**WHAT THE TASK REQUIRES**
For this exercise, repeat the records below exactly and omit every picture.

**DATA**
○ ○ ○ ○ ○

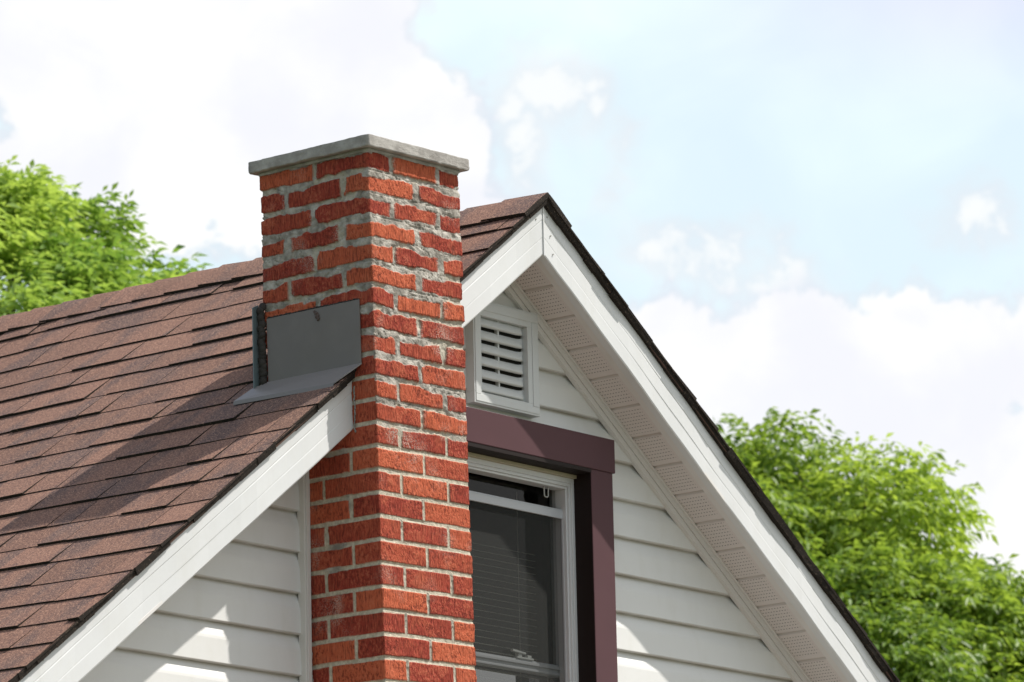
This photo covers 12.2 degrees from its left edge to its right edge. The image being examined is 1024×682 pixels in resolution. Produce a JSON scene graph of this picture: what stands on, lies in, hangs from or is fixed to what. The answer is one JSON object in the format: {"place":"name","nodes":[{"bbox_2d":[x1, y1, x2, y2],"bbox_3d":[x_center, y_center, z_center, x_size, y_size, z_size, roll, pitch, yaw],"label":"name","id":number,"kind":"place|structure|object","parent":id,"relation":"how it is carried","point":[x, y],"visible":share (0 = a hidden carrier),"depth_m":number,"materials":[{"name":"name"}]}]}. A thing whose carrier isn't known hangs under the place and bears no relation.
{"place":"outdoors","nodes":[
{"label":"outdoors","id":0,"kind":"place"},
{"bbox_2d":[0,0,1023,599],"label":"sky","id":1,"kind":"structure","parent":0,"point":[801,205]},
{"label":"ground","id":2,"kind":"structure","parent":0,"visible":0},
{"bbox_2d":[0,155,211,316],"bbox_3d":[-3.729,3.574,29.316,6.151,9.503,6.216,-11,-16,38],"label":"leafy tree","id":3,"kind":"object","parent":2,"relation":"on","point":[51,252],"visible":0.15,"depth_m":28.91,"materials":[{"name":"green plant"}]},
{"bbox_2d":[0,134,900,681],"bbox_3d":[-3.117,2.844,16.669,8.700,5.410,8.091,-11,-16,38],"label":"house","id":4,"kind":"structure","parent":2,"relation":"on","point":[382,410],"depth_m":14.09,"materials":[{"name":"plastic"}]},
{"bbox_2d":[465,406,617,681],"bbox_3d":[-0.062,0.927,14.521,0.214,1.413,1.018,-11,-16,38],"label":"window","id":5,"kind":"structure","parent":4,"relation":"in","point":[576,469],"depth_m":14.80,"materials":[{"name":"brown wood"}]},
{"bbox_2d":[713,407,1023,681],"bbox_3d":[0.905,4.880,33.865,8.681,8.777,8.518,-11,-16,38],"label":"leafy tree","id":6,"kind":"object","parent":2,"relation":"on","point":[919,608],"visible":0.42,"depth_m":32.85,"materials":[{"name":"green plant"}]}
]}

○ ○ ○ ○ ○

**RESPONSE BELOW**
This photo covers 12.2 degrees from its left edge to its right edge. The image being examined is 1024×682 pixels in resolution. Produce a JSON scene graph of this picture: what stands on, lies in, hangs from or is fixed to what. The answer is one JSON object in the format: {"place":"name","nodes":[{"bbox_2d":[x1, y1, x2, y2],"bbox_3d":[x_center, y_center, z_center, x_size, y_size, z_size, roll, pitch, yaw],"label":"name","id":number,"kind":"place|structure|object","parent":id,"relation":"how it is carried","point":[x, y],"visible":share (0 = a hidden carrier),"depth_m":number,"materials":[{"name":"name"}]}]}. A thing whose carrier isn't known hangs under the place and bears no relation.
{"place":"outdoors","nodes":[
{"label":"outdoors","id":0,"kind":"place"},
{"bbox_2d":[0,0,1023,599],"label":"sky","id":1,"kind":"structure","parent":0,"point":[801,205]},
{"label":"ground","id":2,"kind":"structure","parent":0,"visible":0},
{"bbox_2d":[0,155,211,316],"bbox_3d":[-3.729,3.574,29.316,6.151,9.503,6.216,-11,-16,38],"label":"leafy tree","id":3,"kind":"object","parent":2,"relation":"on","point":[51,252],"visible":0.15,"depth_m":28.91,"materials":[{"name":"green plant"}]},
{"bbox_2d":[0,134,900,681],"bbox_3d":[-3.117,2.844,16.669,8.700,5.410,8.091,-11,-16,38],"label":"house","id":4,"kind":"structure","parent":2,"relation":"on","point":[382,410],"depth_m":14.09,"materials":[{"name":"plastic"}]},
{"bbox_2d":[465,406,617,681],"bbox_3d":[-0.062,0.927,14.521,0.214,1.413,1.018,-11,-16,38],"label":"window","id":5,"kind":"structure","parent":4,"relation":"in","point":[576,469],"depth_m":14.80,"materials":[{"name":"brown wood"}]},
{"bbox_2d":[713,407,1023,681],"bbox_3d":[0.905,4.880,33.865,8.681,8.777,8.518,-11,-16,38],"label":"leafy tree","id":6,"kind":"object","parent":2,"relation":"on","point":[919,608],"visible":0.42,"depth_m":32.85,"materials":[{"name":"green plant"}]}
]}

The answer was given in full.